*TASK STATEMENT*: Each entry that follows is to be retyped exactly. Pictures do not belong in the copy.

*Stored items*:
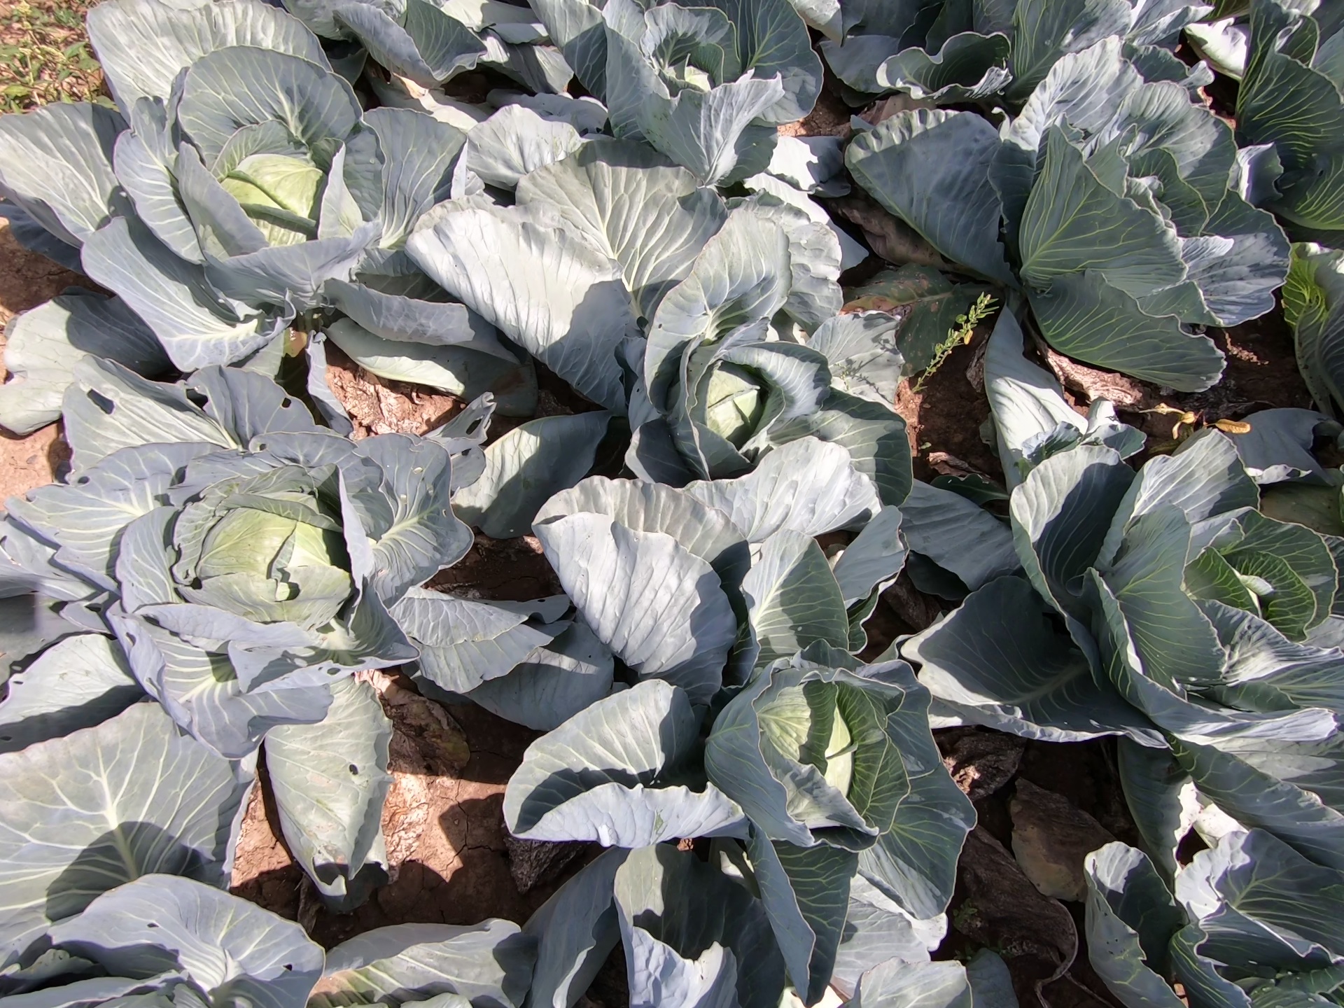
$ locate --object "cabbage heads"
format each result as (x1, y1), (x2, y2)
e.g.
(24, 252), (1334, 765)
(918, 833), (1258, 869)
(678, 362), (769, 458)
(206, 151), (361, 294)
(1127, 553), (1266, 662)
(717, 678), (859, 832)
(640, 66), (720, 148)
(195, 489), (358, 633)
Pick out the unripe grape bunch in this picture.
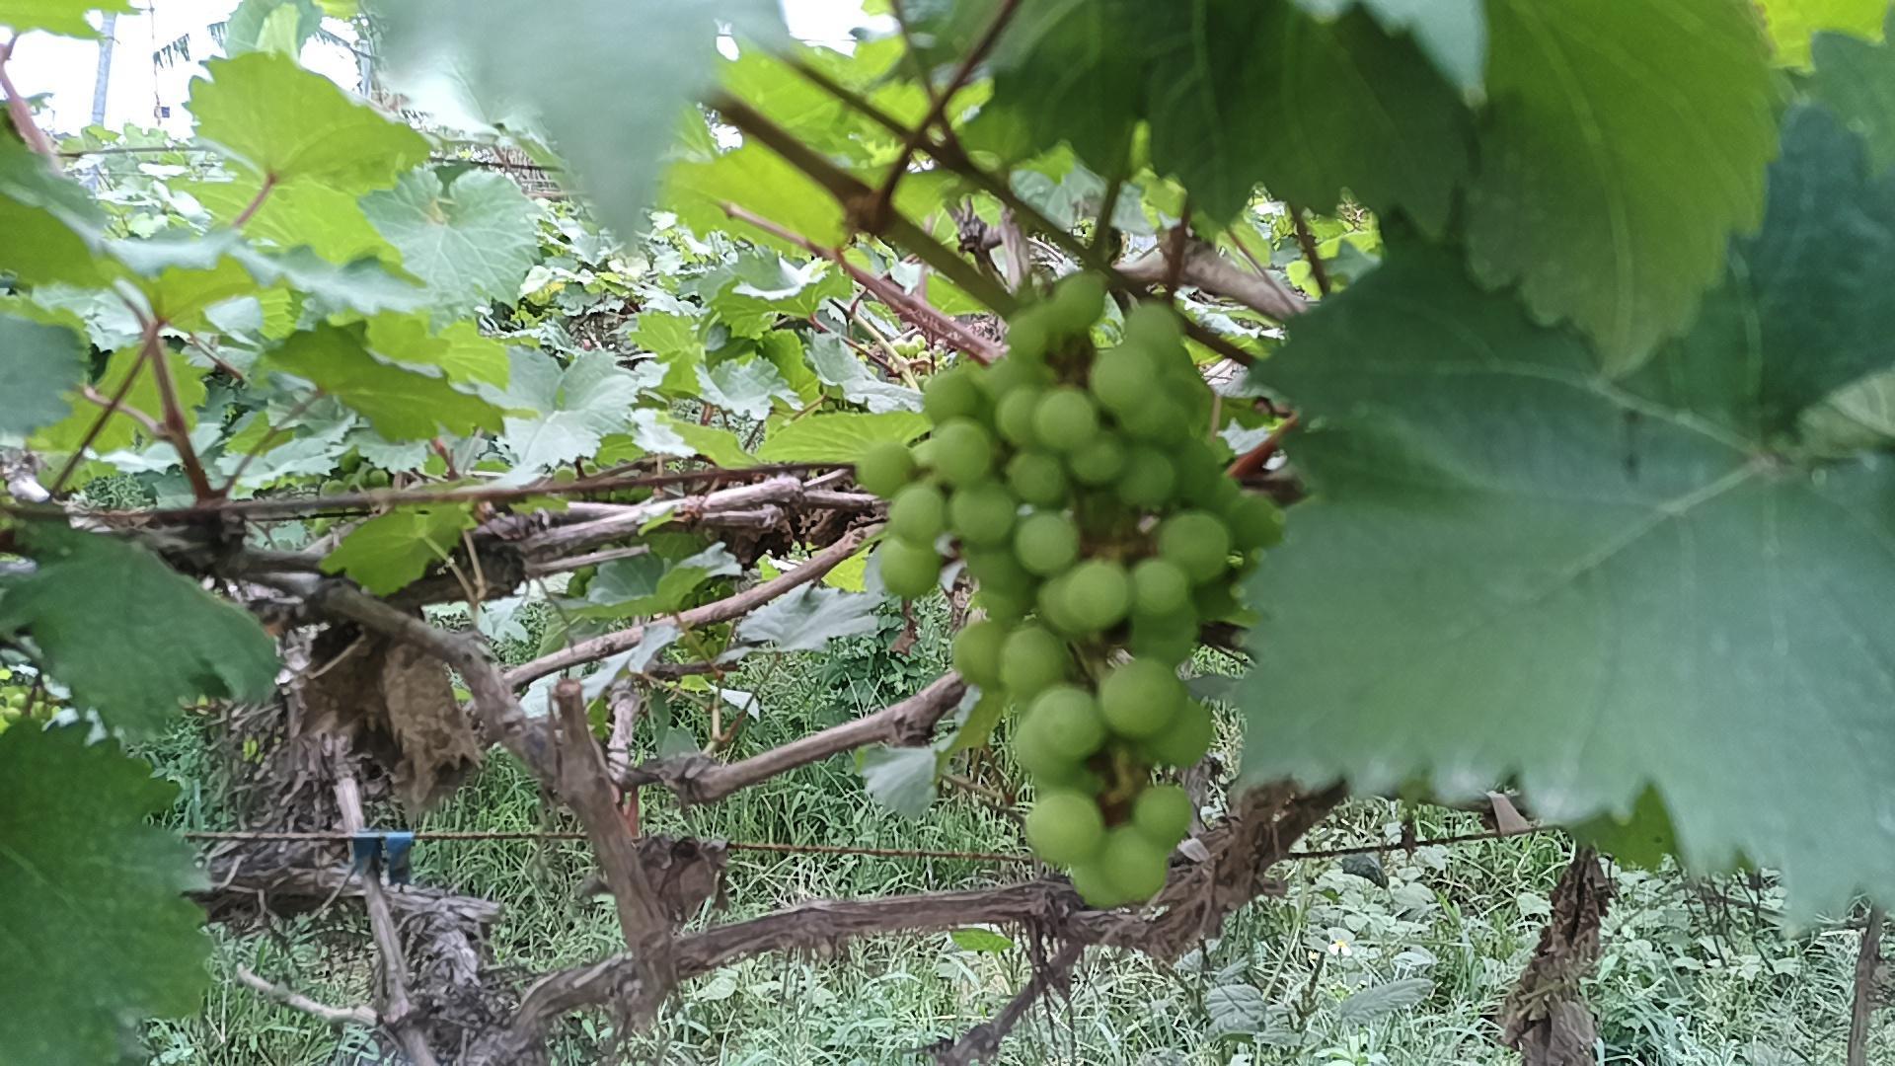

*RESULT OF THIS TASK*:
$ locate --object "cabbage heads"
format each result as (x1, y1), (x2, y2)
e.g.
(24, 252), (1334, 765)
(918, 833), (1258, 869)
(678, 362), (769, 458)
(206, 151), (361, 294)
(1127, 553), (1266, 662)
(717, 678), (859, 832)
(640, 66), (720, 148)
(195, 489), (358, 633)
Pick out the unripe grape bunch in this picture.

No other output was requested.